Limiting multicast and broadcast traffic

Limiting multicast and broadcast traffic from being exchanged between the wired LAN and wireless network is almost mandatory in a high-density hybrid environment. This step helps prevent the wired clients from accidentally eating up wireless spectrum space with ultimately useless data. Similarly, narrowing the scope of ARP requests is also necessary to eliminate needless client network chatter.

Data rate limiting

One key aspect of wireless network tuning is to try to minimize the amount of time/spectrum space spent on management traffic. You want to get beacons sent as quickly as possible, but slower clients connected to the access point can hold up this process.

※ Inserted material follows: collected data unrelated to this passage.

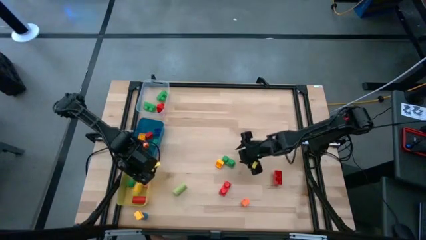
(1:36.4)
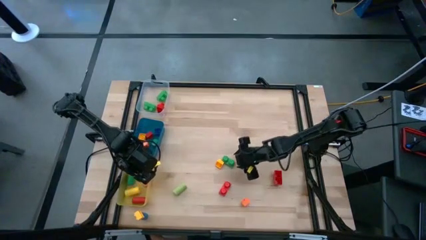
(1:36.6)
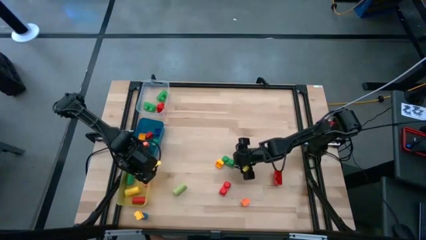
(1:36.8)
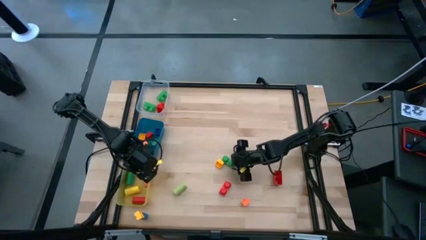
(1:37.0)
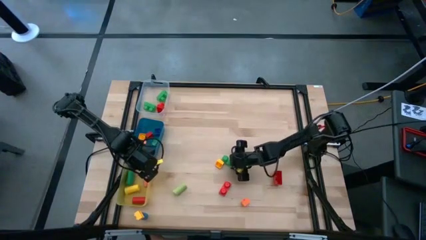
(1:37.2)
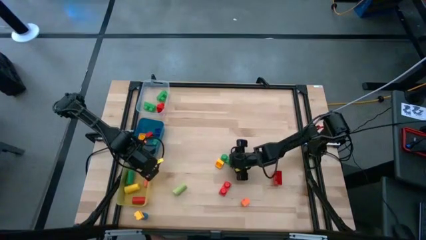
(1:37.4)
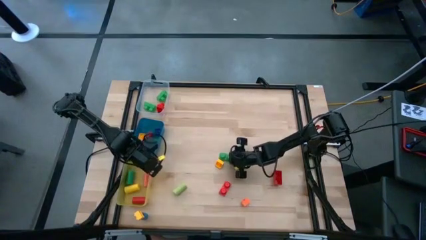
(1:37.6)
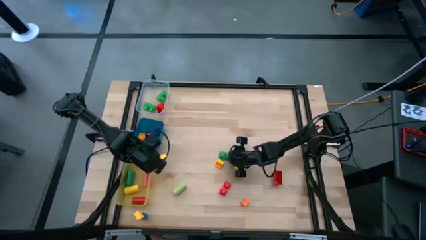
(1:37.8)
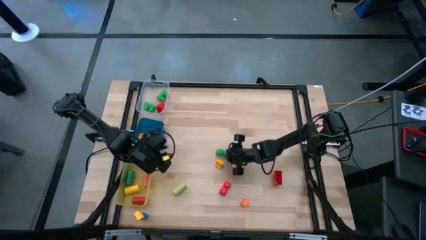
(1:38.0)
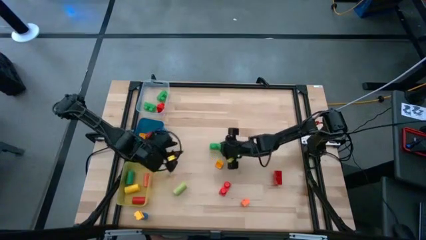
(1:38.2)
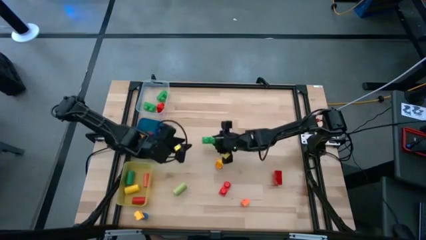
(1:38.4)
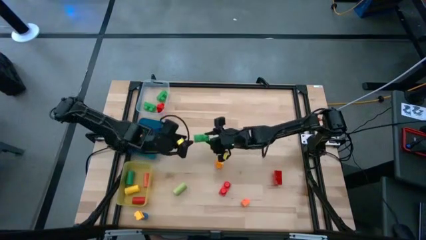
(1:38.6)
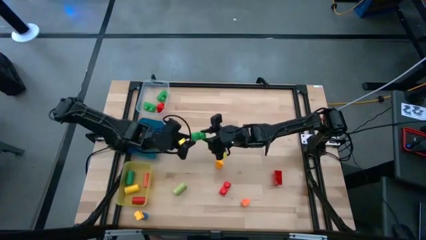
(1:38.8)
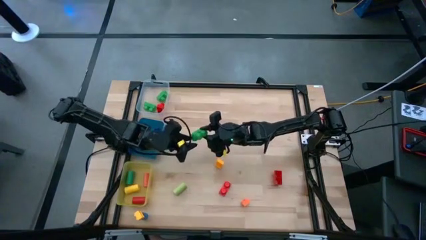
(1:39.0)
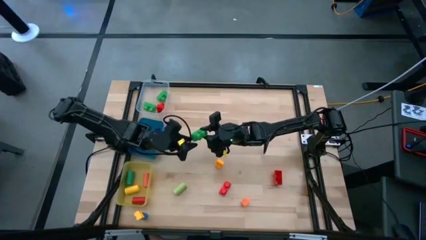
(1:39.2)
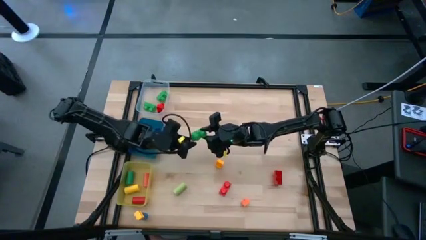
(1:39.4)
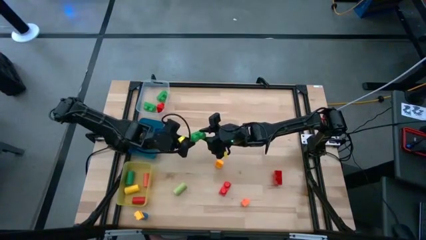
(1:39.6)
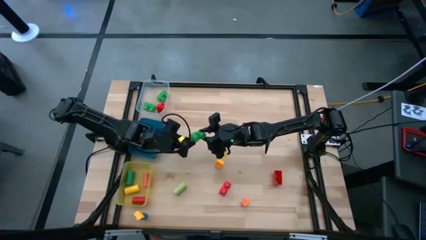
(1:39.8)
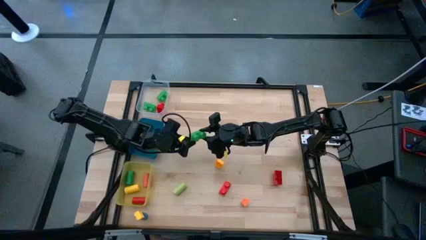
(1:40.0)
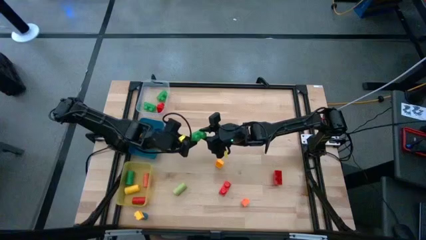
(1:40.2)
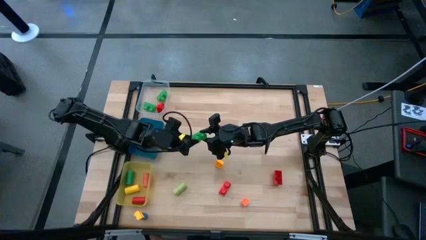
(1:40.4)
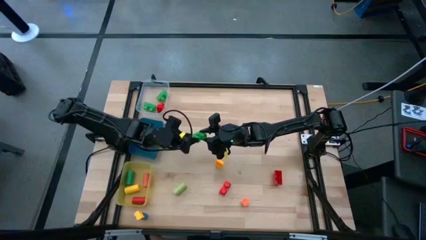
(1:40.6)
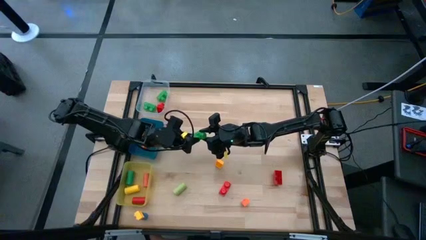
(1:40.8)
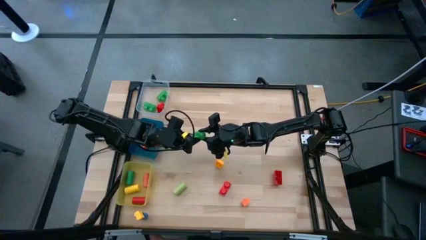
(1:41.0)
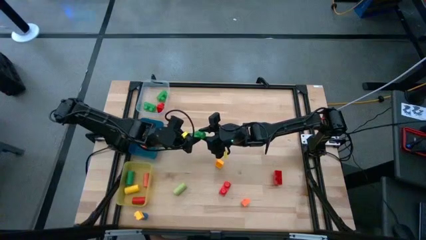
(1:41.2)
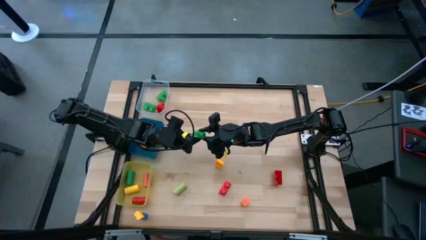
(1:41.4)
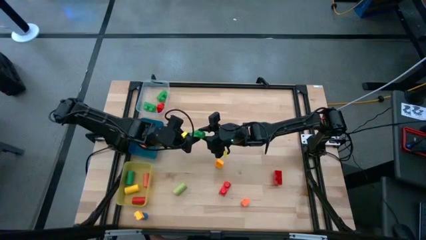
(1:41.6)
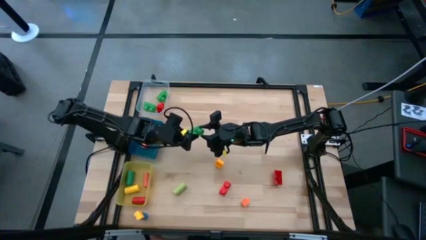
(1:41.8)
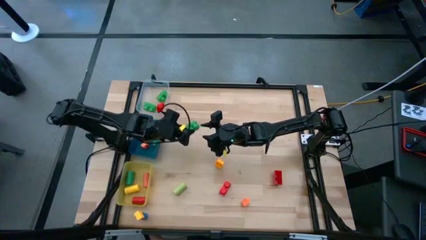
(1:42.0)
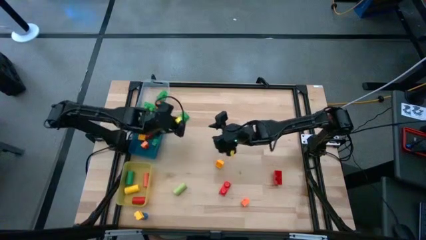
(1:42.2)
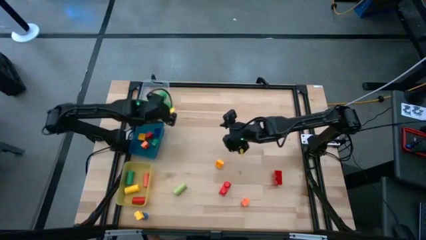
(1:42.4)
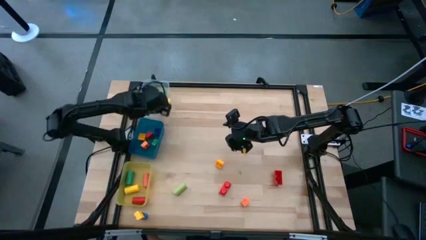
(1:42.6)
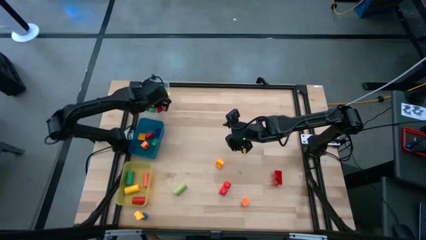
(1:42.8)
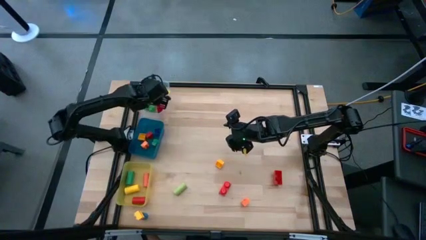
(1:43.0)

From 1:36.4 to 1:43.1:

Setting the minimum data rate accomplishes two key objectives:

1. It makes the client radio maintain at least a specific data rate to stay connected to the access point. This is similar to minimum RSSI. If the client can’t maintain the data rate with the access point in question, it might be able to do so with a physically closer access point.
2. It forces beacon traffic to happen at 6Mbps (on 5GHz) instead of 1Mbps. This means less airtime is spent handling signalling beacon traffic. Instead, airtime can be dedicated to real data transfer. This is very important in establishing a minimum bar of “quality” for the clients on the wireless network.

Smart queues

UniFi has a QoS feature called “Smart Queues.” This feature uses the speed of the internet connection to provide quality of service to all clients (wired and wireless). For wireless clients, this feature is important because it provides a better way of prioritizing what should be low-latency traffic, such as a SIP circuit or streaming media.

Balancing signal strength

When you’re managing a network during an event, you’ll need to make changes on the fly as people (and their clients) move around the venue. This means you’ll need to balance the signal strength of each cell. You can try to prepare for this before the event starts. However, once there are hundreds of people inside the venue, the environment changes. In our case, we had access points that pointed inwards from the walls (instead of just being hung from the ceiling). Since people are — from a wireless design standpoint — just bags of water, they absorb some of the radio waves and change the boundaries of the wireless cells. When people walk around the venue, we need to either build automation to monitor the changing ambient signal strength of each access point, or try to estimate a configuration that will work well enough for the venue. The latter method is what I’ve described in this post.

Further thoughts

Deploying a high-performance, high-density wireless network in a hurry is far from impossible. However, this process involves a lot of specific tweaks and an understanding of the environment that really only comes from repeat deployments and making mistakes. Hopefully, this guide might be helpful to others who want to design a similarly powerful network solution for their own events!

Have you been thinking about doing a similar pop-up wireless event network? If you’ve already done one, what challenges have you faced and overcome?